Records contained in a dataset:
------------------------------------------------------------

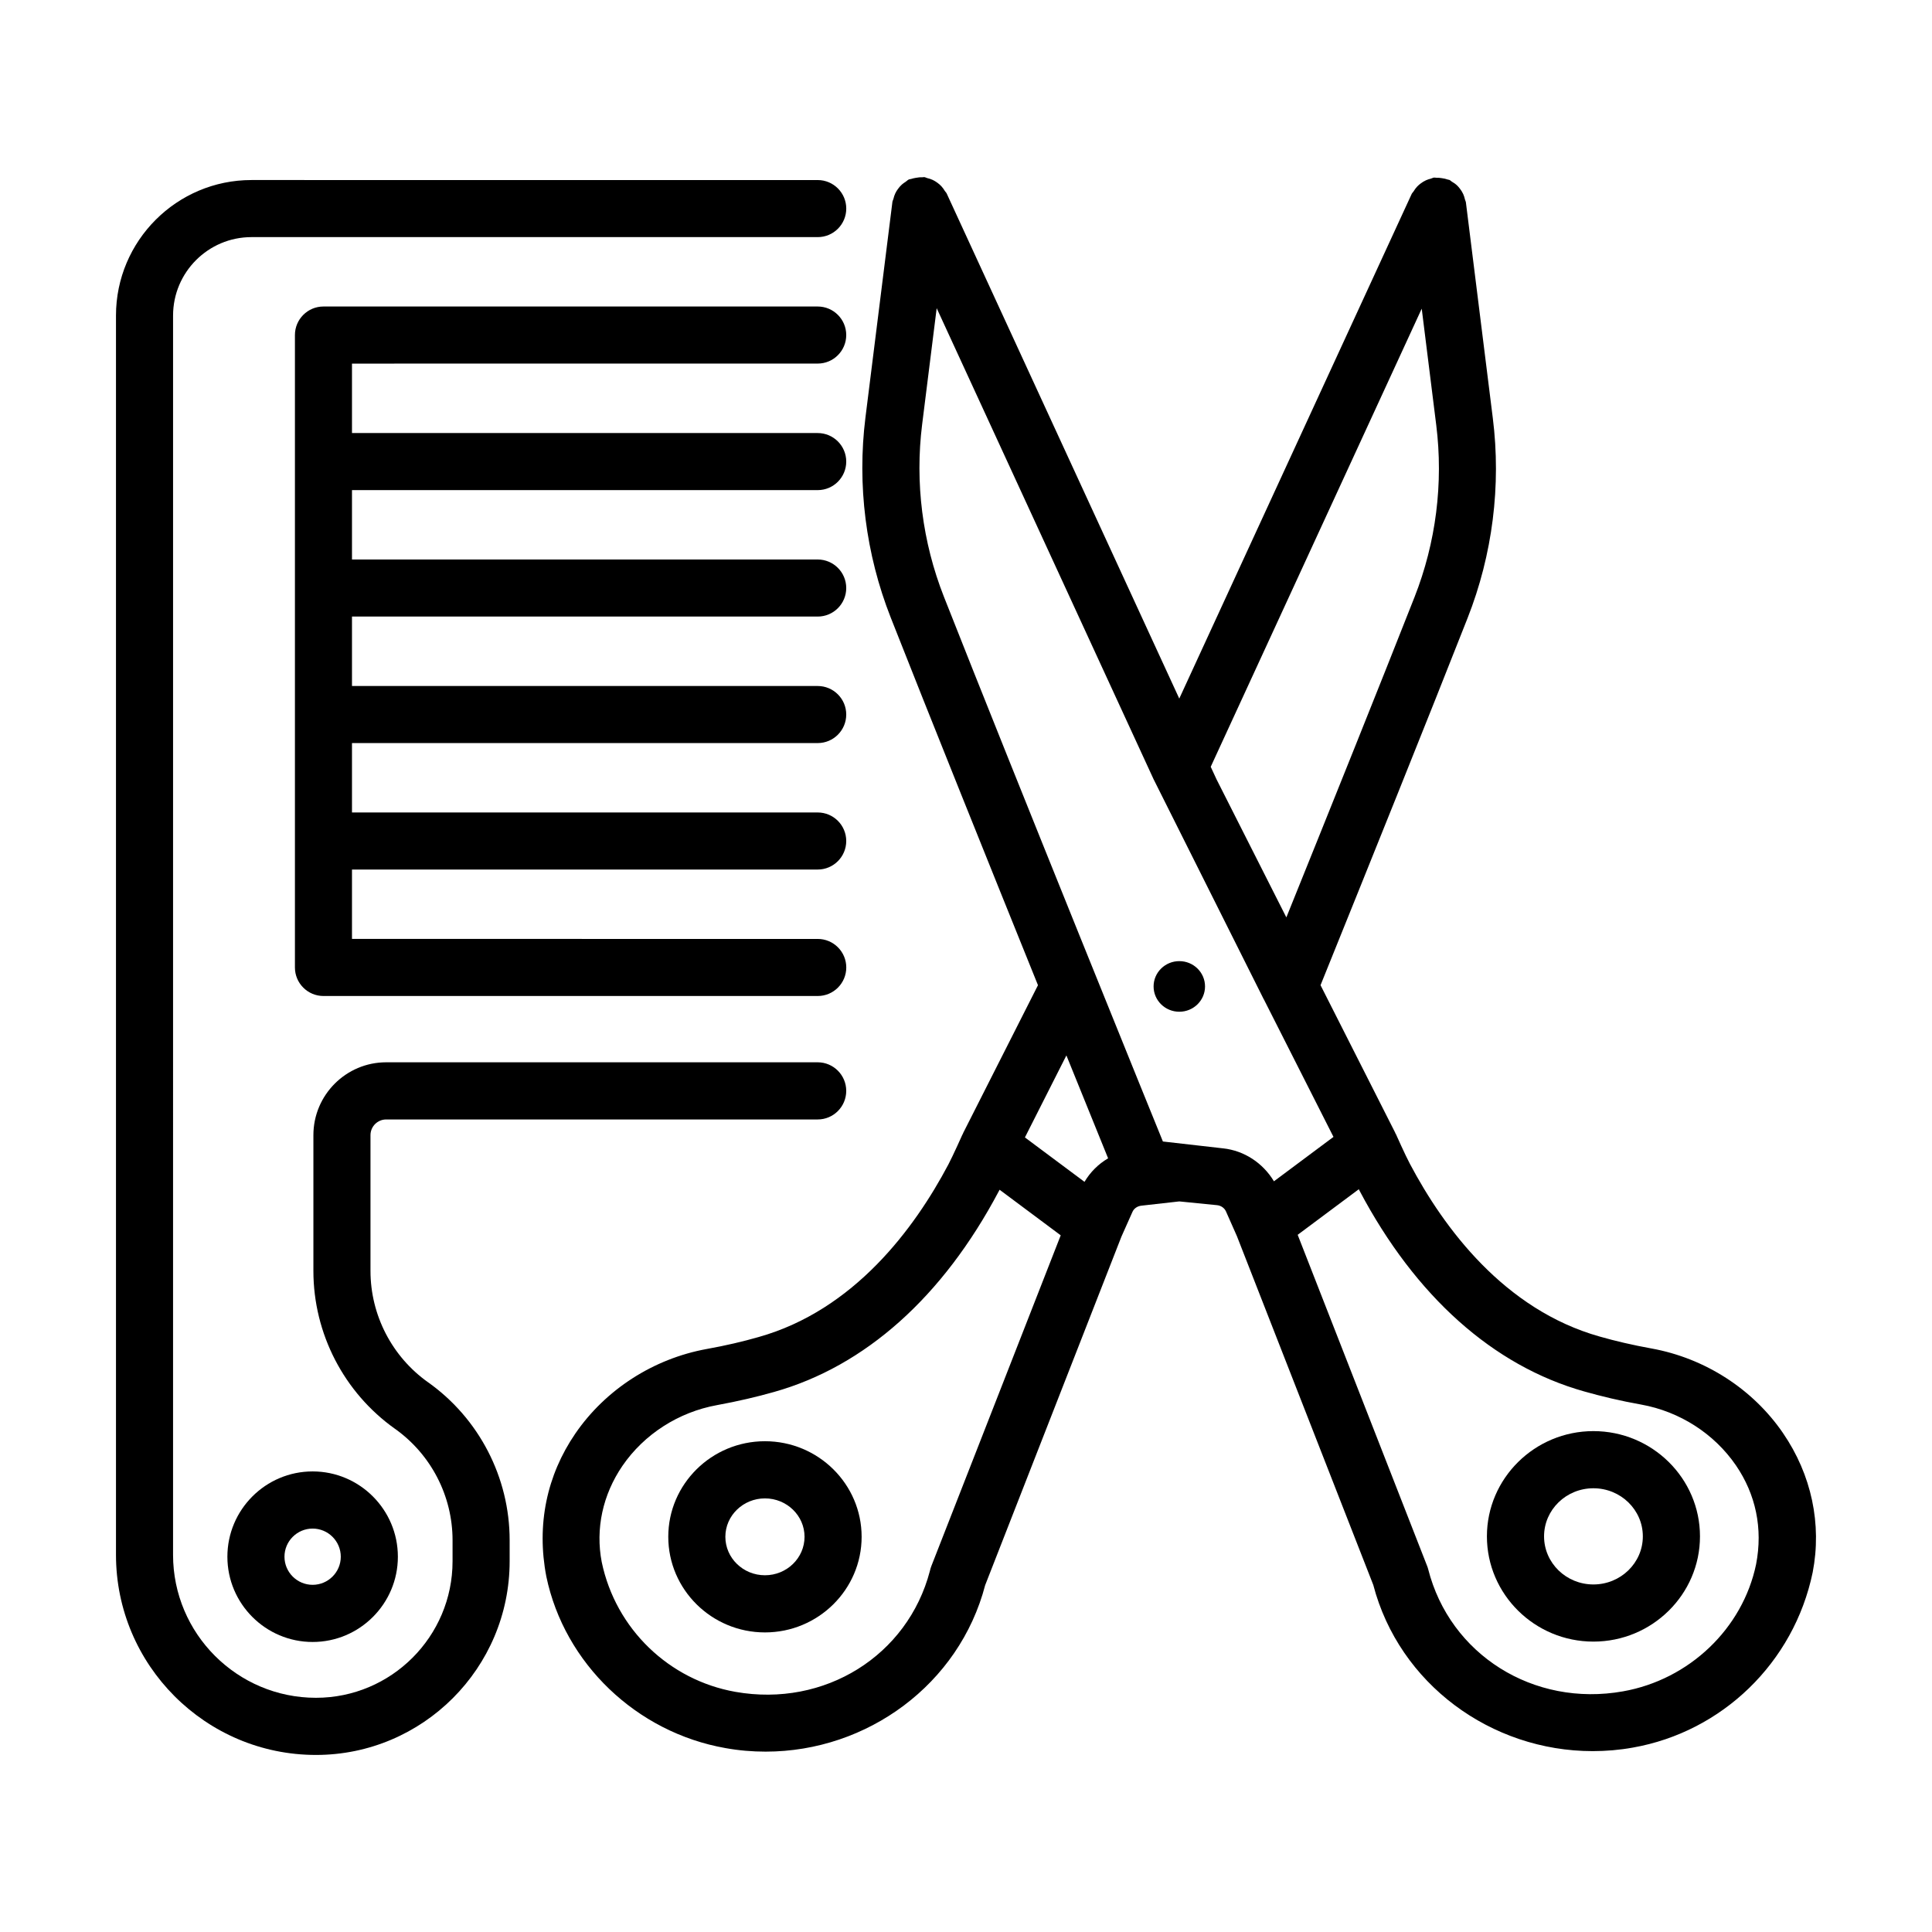 <?xml version="1.0" encoding="UTF-8"?>
<!-- Uploaded to: ICON Repo, www.svgrepo.com, Generator: ICON Repo Mixer Tools -->
<svg fill="#000000" width="800px" height="800px" version="1.1" viewBox="144 144 512 512" xmlns="http://www.w3.org/2000/svg">
 <g>
  <path d="m257.44 510.32c-9.551-6.777-15.258-17.805-15.258-29.516v-35.98c0-2.289 1.867-4.156 4.156-4.156h114.36c4.176 0 7.562-3.398 7.562-7.574 0-4.176-3.391-7.574-7.562-7.574h-114.36c-10.629 0-19.285 8.664-19.285 19.301v35.98c0 16.605 8.09 32.25 21.629 41.855 9.551 6.777 15.25 17.805 15.25 29.516v5.578c0 19.949-16.234 36.184-36.195 36.184-20.883 0-37.875-16.992-37.875-37.883l0.004-328.43c0-11.461 9.32-20.781 20.77-20.781h150.07c4.176 0 7.562-3.391 7.562-7.562 0-4.176-3.391-7.562-7.562-7.562l-150.07-0.004c-19.793 0-35.898 16.105-35.898 35.906v328.43c0 29.238 23.773 53.031 53.004 53.031 28.297 0 51.32-23.035 51.32-51.332v-5.578c0-16.602-8.082-32.246-21.621-41.852z"/>
  <path d="m360.7 240.35c4.176 0 7.562-3.391 7.562-7.562 0-4.176-3.391-7.562-7.562-7.562h-130.98c-4.176 0-7.562 3.391-7.562 7.562v167.6c0 4.176 3.391 7.562 7.562 7.562h130.99c4.176 0 7.562-3.391 7.562-7.562 0-4.176-3.391-7.562-7.562-7.562l-123.43-0.004v-18.387h123.42c4.176 0 7.562-3.391 7.562-7.562 0-4.176-3.391-7.562-7.562-7.562l-123.42-0.004v-18.387h123.42c4.176 0 7.562-3.391 7.562-7.562 0-4.176-3.391-7.562-7.562-7.562l-123.42-0.004v-18.398h123.42c4.176 0 7.562-3.391 7.562-7.562 0-4.176-3.391-7.562-7.562-7.562h-123.42v-18.387h123.42c4.176 0 7.562-3.391 7.562-7.562 0-4.176-3.391-7.562-7.562-7.562l-123.42-0.008v-18.395z"/>
  <path d="m204.26 556.55c0 12.449 10.133 22.59 22.59 22.59 12.457 0 22.59-10.141 22.59-22.59 0-12.469-10.133-22.609-22.59-22.609-12.461 0.004-22.59 10.145-22.59 22.609zm22.59-7.461c4.109 0 7.461 3.344 7.461 7.461 0 4.102-3.352 7.445-7.461 7.445-4.109 0-7.461-3.344-7.461-7.445-0.004-4.117 3.348-7.461 7.461-7.461z"/>
  <path d="m456.53 398.71c-3.766 0-6.816 3.004-6.816 6.707s3.051 6.703 6.816 6.703 6.816-3.004 6.816-6.703c0-3.703-3.051-6.707-6.816-6.707z"/>
  <path d="m346.72 525.94c-14.129 0-25.621 11.359-25.621 25.324s11.488 25.344 25.621 25.344c14.129 0 25.621-11.379 25.621-25.344-0.004-13.965-11.492-25.324-25.621-25.324zm0 35.52c-5.781 0-10.492-4.562-10.492-10.195 0-5.613 4.711-10.176 10.492-10.176s10.492 4.562 10.492 10.176c0 5.633-4.711 10.195-10.492 10.195z"/>
  <path d="m616.53 523.8c-7.996-11.691-20.707-19.875-34.875-22.441-5.004-0.906-9.586-1.977-13.723-3.16-25.324-7.129-41.301-28.797-50.262-45.715-1.293-2.418-3.75-7.961-3.769-7.996-0.027-0.062-0.086-0.098-0.117-0.156-0.027-0.055-0.02-0.117-0.051-0.176l-19.777-39.07c12.758-31.578 28.953-71.801 38.965-97.281 6.613-16.781 8.941-35.121 6.688-53.02l-7.129-57.148c-0.035-0.281-0.188-0.504-0.25-0.773-0.117-0.5-0.25-0.973-0.465-1.438-0.227-0.5-0.508-0.938-0.832-1.367-0.238-0.312-0.469-0.605-0.754-0.879-0.441-0.426-0.926-0.758-1.461-1.062-0.211-0.121-0.352-0.316-0.578-0.422-0.152-0.07-0.32-0.051-0.473-0.113-0.484-0.184-0.988-0.277-1.52-0.359-0.5-0.078-0.98-0.141-1.48-0.113-0.219 0.008-0.41-0.074-0.629-0.051-0.32 0.039-0.57 0.215-0.875 0.293-0.441 0.113-0.852 0.234-1.266 0.426-0.504 0.23-0.949 0.504-1.383 0.832-0.348 0.254-0.66 0.523-0.961 0.84-0.371 0.395-0.672 0.82-0.953 1.285-0.148 0.238-0.371 0.406-0.492 0.668l-61.59 133.73-61.641-133.86c-0.121-0.262-0.34-0.426-0.488-0.664-0.273-0.453-0.559-0.867-0.918-1.254-0.324-0.348-0.668-0.641-1.051-0.918-0.395-0.289-0.789-0.539-1.238-0.75-0.469-0.223-0.941-0.363-1.445-0.484-0.277-0.066-0.504-0.23-0.793-0.266-0.188-0.02-0.359 0.055-0.547 0.047-0.57-0.031-1.121 0.047-1.695 0.148-0.406 0.074-0.793 0.141-1.172 0.277-0.23 0.082-0.469 0.062-0.695 0.164-0.324 0.148-0.535 0.418-0.828 0.605-0.355 0.227-0.688 0.453-1 0.73-0.41 0.367-0.75 0.762-1.062 1.203-0.262 0.359-0.484 0.719-0.68 1.125-0.227 0.48-0.379 0.961-0.5 1.48-0.066 0.273-0.227 0.496-0.266 0.785l-7.148 57.148c-2.234 17.879 0.082 36.211 6.703 53.02 10.051 25.539 26.285 65.887 39.02 97.422l-19.84 39.199c-0.031 0.062-0.023 0.133-0.055 0.195-0.027 0.055-0.078 0.086-0.105 0.141 0 0-2.492 5.598-3.758 7.996-8.957 16.918-24.945 38.586-50.297 45.715-4.117 1.184-8.691 2.254-13.715 3.16-14.141 2.566-26.848 10.75-34.855 22.441-7.527 11.008-10.316 24.105-7.664 37.867 4.812 23.035 23.883 41.301 47.461 45.457 3.574 0.648 7.141 0.941 10.656 0.941 26.93 0 51.305-17.844 58.176-44.109l36.117-92.383 2.922-6.551c0.387-0.887 1.293-1.531 2.402-1.645l10.008-1.125 10.016 0.996c1.035 0.109 1.941 0.738 2.348 1.645l2.898 6.543 36.148 92.461c6.871 26.23 31.234 44.035 58.148 44.035 3.512 0 7.094-0.297 10.656-0.941 23.57-4.156 42.648-22.422 47.637-46.418 2.481-12.805-0.309-25.898-7.848-36.906zm-95.758-298 3.848 30.852c1.922 15.395-0.074 31.16-5.762 45.598-8.75 22.238-22.195 55.715-33.961 84.867l-18.516-36.609-1.527-3.301zm-129.97 333.27c-0.156 0.406-0.285 0.832-0.367 1.238-5.883 22.461-27.902 36.238-51.555 32.047-17.539-3.106-31.715-16.625-35.418-34.41-1.691-8.773 0.258-17.824 5.484-25.473 5.746-8.387 14.879-14.258 25.082-16.105 5.539-1.016 10.594-2.199 15.129-3.492 24.121-6.797 44.711-25.176 59.551-53.215 0.066-0.109 0.129-0.238 0.195-0.367l16.199 12.078zm40.602-101.87-15.789-11.77 10.992-21.734c5.879 14.531 10.062 24.84 11.055 27.273-2.582 1.512-4.711 3.629-6.258 6.231zm36.68-8.879-15.902-1.812c-0.02 0-39.547-97.418-58.047-144.4-5.691-14.461-7.684-30.227-5.762-45.598l3.859-30.84 57.414 124.69c0.004 0.008 0.004 0.016 0.004 0.02l29.258 58.441c0.008 0.02 0.031 0.027 0.039 0.043l18.438 36.426-15.777 11.766c-2.887-4.793-7.809-8.133-13.523-8.738zm141.3 110.23c-3.547 17.051-17.73 30.57-35.262 33.672-23.734 4.231-45.902-9.754-51.645-32.398-0.074-0.297-0.168-0.59-0.297-0.887l-34.281-87.699 16.199-12.078c0.074 0.148 0.129 0.277 0.203 0.406 14.812 28 35.41 46.383 59.512 53.176 4.562 1.293 9.625 2.512 15.164 3.492 10.195 1.848 19.32 7.719 25.066 16.105 5.231 7.644 7.188 16.695 5.34 26.211z"/>
  <path d="m566.27 523.26c-15.551 0-28.223 12.523-28.223 27.891 0 15.367 12.672 27.891 28.223 27.891 15.57 0 28.242-12.523 28.242-27.891 0-15.367-12.672-27.891-28.242-27.891zm0 40.637c-7.223 0-13.078-5.707-13.078-12.746 0-7.039 5.856-12.746 13.078-12.746 7.223 0 13.098 5.707 13.098 12.746 0 7.039-5.875 12.746-13.098 12.746z"/>
 </g>
</svg>

------------------------------------------------------------

--- Work to be completed ---
Begin with the line above that has "556.55c0 12.449 10.133" and continue through the line that has "398.71c-3.766 0-6.816 3.004-6.816", setting each one down exactly. Stop there.

--- Response area ---
  <path d="m204.26 556.55c0 12.449 10.133 22.59 22.59 22.59 12.457 0 22.59-10.141 22.59-22.59 0-12.469-10.133-22.609-22.59-22.609-12.461 0.004-22.59 10.145-22.59 22.609zm22.59-7.461c4.109 0 7.461 3.344 7.461 7.461 0 4.102-3.352 7.445-7.461 7.445-4.109 0-7.461-3.344-7.461-7.445-0.004-4.117 3.348-7.461 7.461-7.461z"/>
  <path d="m456.53 398.71c-3.766 0-6.816 3.004-6.816 6.707s3.051 6.703 6.816 6.703 6.816-3.004 6.816-6.703c0-3.703-3.051-6.707-6.816-6.707z"/>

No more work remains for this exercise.